◆ **Problem**
Write out every entry precisely as given, leaving the pictures out.

** Opening Data for processing block **

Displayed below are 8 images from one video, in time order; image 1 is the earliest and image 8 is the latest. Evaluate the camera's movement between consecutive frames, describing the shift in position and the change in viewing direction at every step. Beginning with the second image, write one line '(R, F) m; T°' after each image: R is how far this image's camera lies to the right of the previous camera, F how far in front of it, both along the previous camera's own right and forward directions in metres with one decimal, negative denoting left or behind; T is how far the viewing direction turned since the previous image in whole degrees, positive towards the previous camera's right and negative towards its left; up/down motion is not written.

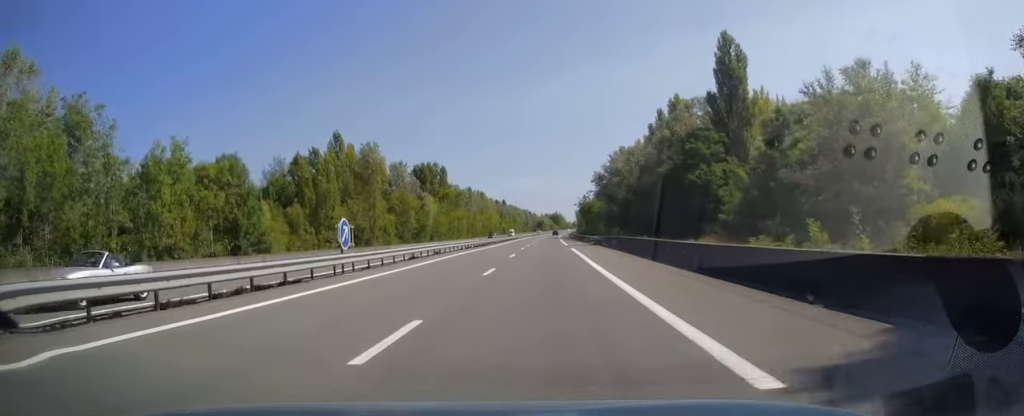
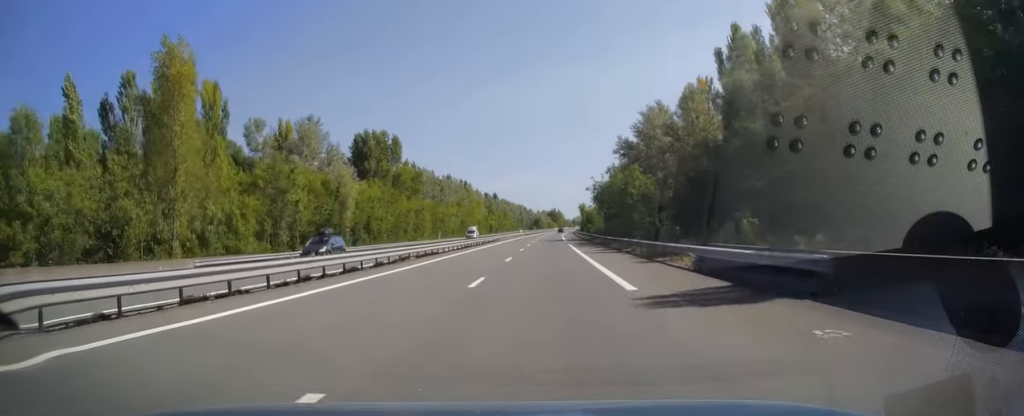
(+0.2, +43.3) m; 0°
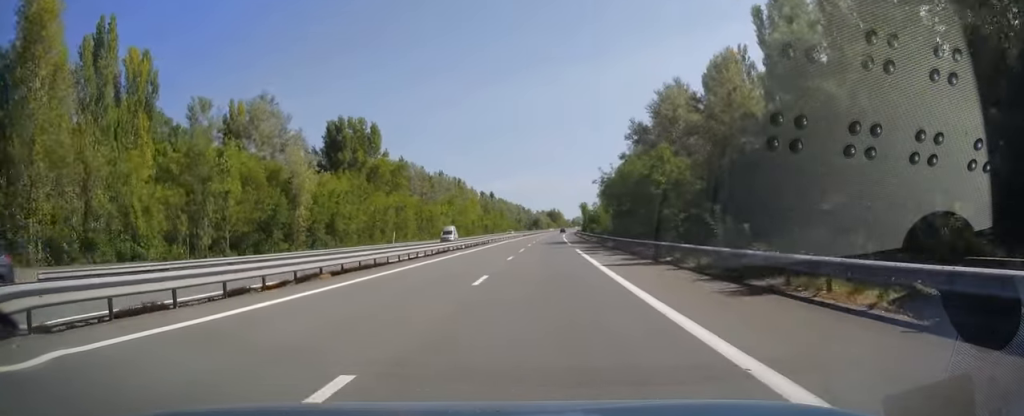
(0.0, +12.3) m; 0°
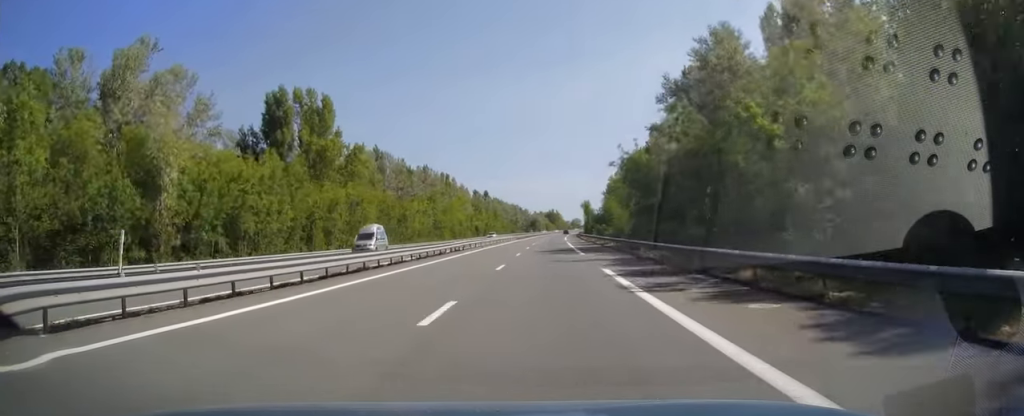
(-0.1, +19.7) m; 0°
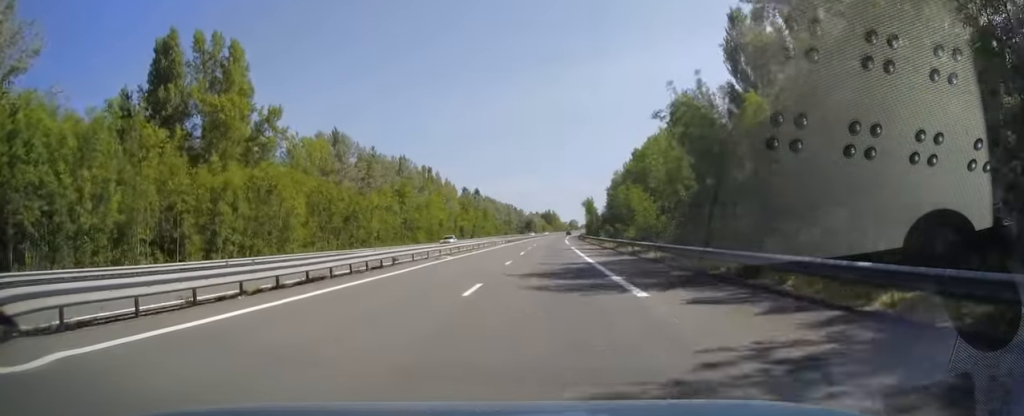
(+0.1, +21.7) m; 0°
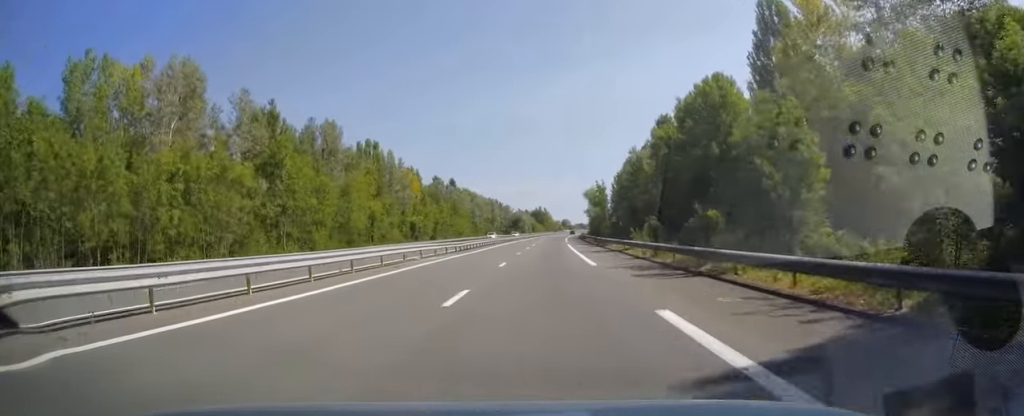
(+0.3, +41.4) m; +1°
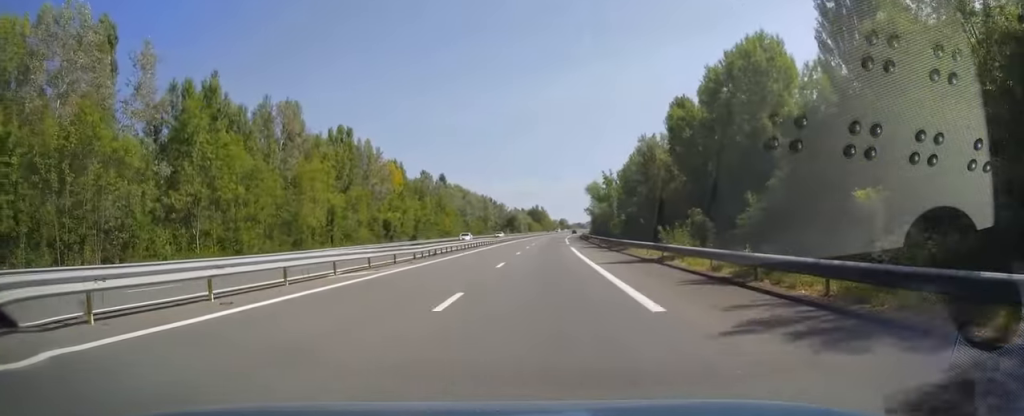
(+0.1, +13.8) m; 0°
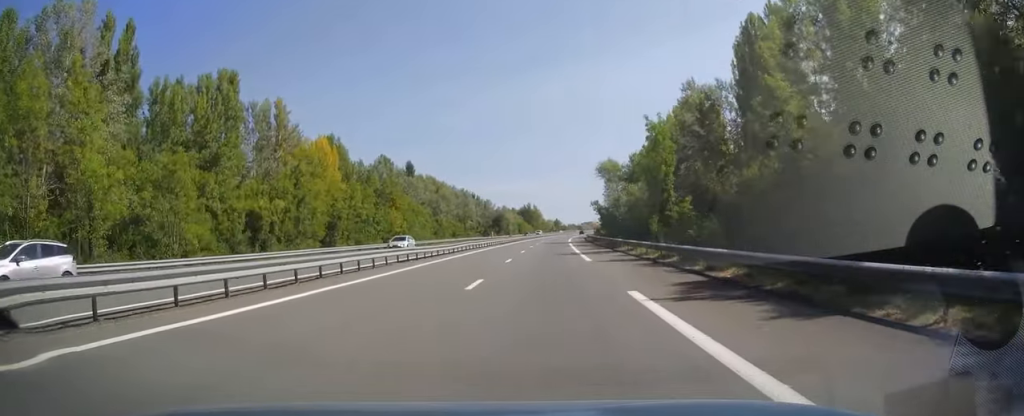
(+0.1, +35.9) m; 0°

** Closing Data for processing block **

◆ **Solution for this problem**
Displayed below are 8 images from one video, in time order; image 1 is the earliest and image 8 is the latest. Evaluate the camera's movement between consecutive frames, describing the shift in position and the change in viewing direction at every step. Beginning with the second image, write one line '(R, F) m; T°' after each image: R is how far this image's camera lies to the right of the previous camera, F how far in front of it, both along the previous camera's own right and forward directions in metres with one decimal, negative denoting left or behind; T is how far the viewing direction turned since the previous image in whole degrees, positive towards the previous camera's right and negative towards its left; up/down motion is not written.

(+0.2, +43.3) m; 0°
(0.0, +12.3) m; 0°
(-0.1, +19.7) m; 0°
(+0.1, +21.7) m; 0°
(+0.3, +41.4) m; +1°
(+0.1, +13.8) m; 0°
(+0.1, +35.9) m; 0°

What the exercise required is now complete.